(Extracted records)

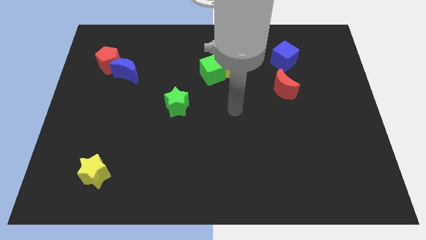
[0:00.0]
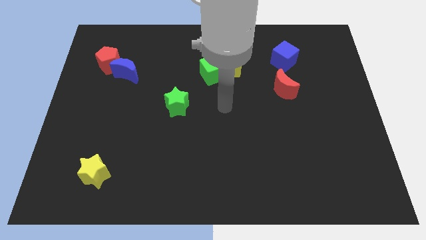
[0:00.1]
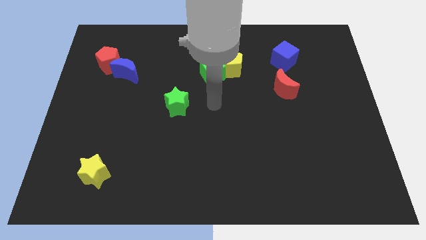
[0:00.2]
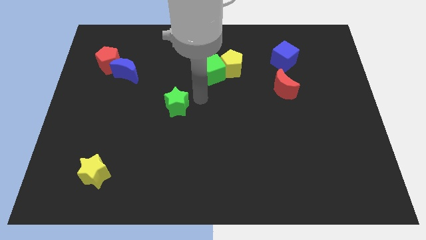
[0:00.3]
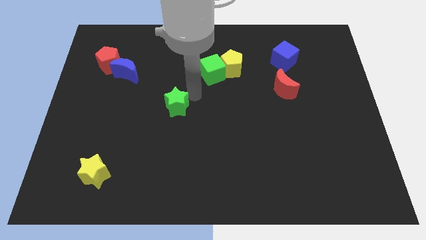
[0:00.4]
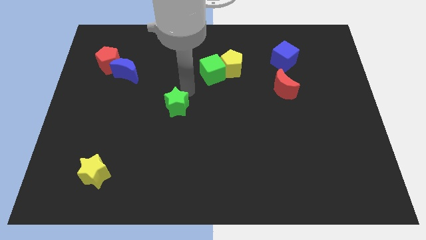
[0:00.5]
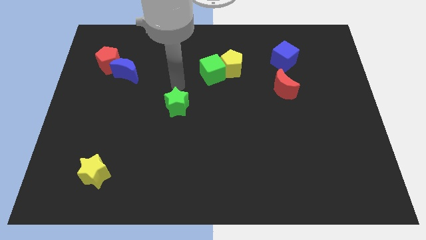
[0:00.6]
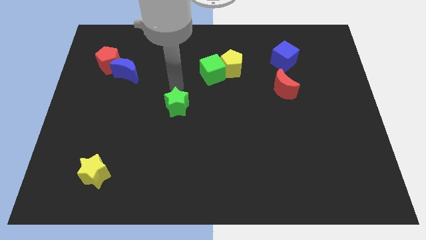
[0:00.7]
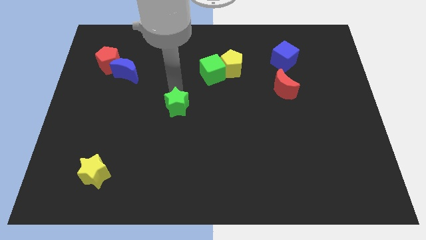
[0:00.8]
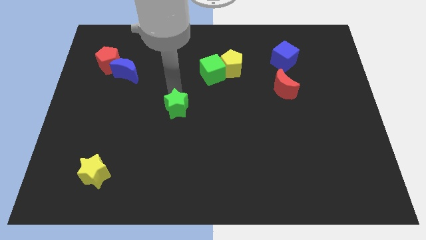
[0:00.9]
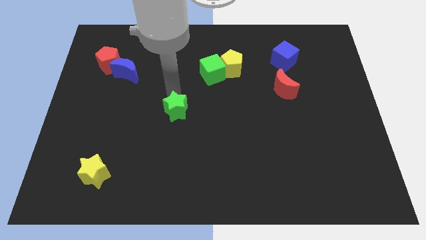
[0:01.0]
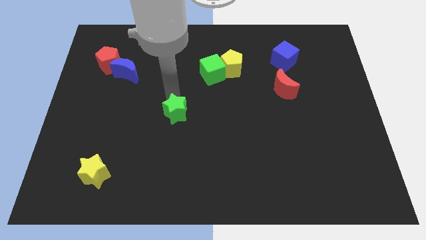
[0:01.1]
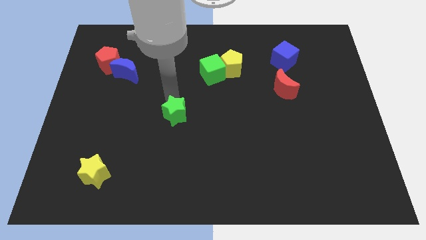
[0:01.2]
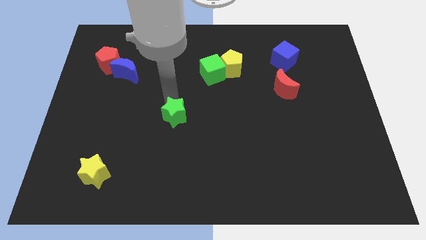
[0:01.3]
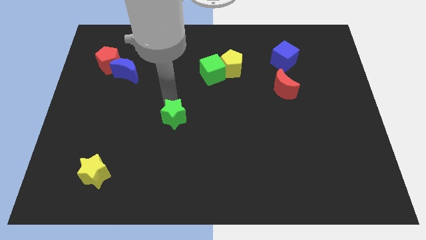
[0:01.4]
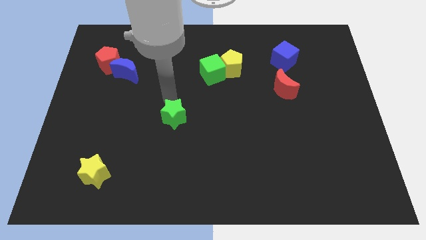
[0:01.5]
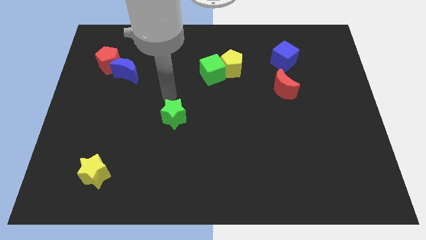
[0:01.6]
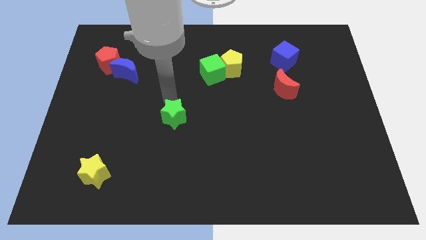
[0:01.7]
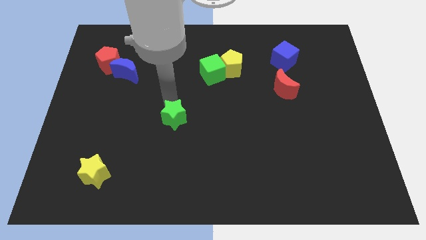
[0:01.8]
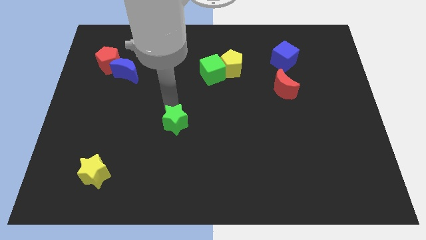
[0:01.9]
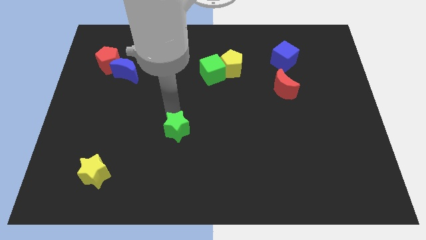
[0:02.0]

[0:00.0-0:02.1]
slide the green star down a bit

» What is being asked
Only the pictures are to be left out; write out all the other data exactly.

» Response to this task
[0:00.0]
[0:00.1]
[0:00.2]
[0:00.3]
[0:00.4]
[0:00.5]
[0:00.6]
[0:00.7]
[0:00.8]
[0:00.9]
[0:01.0]
[0:01.1]
[0:01.2]
[0:01.3]
[0:01.4]
[0:01.5]
[0:01.6]
[0:01.7]
[0:01.8]
[0:01.9]
[0:02.0]

[0:00.0-0:02.1]
slide the green star down a bit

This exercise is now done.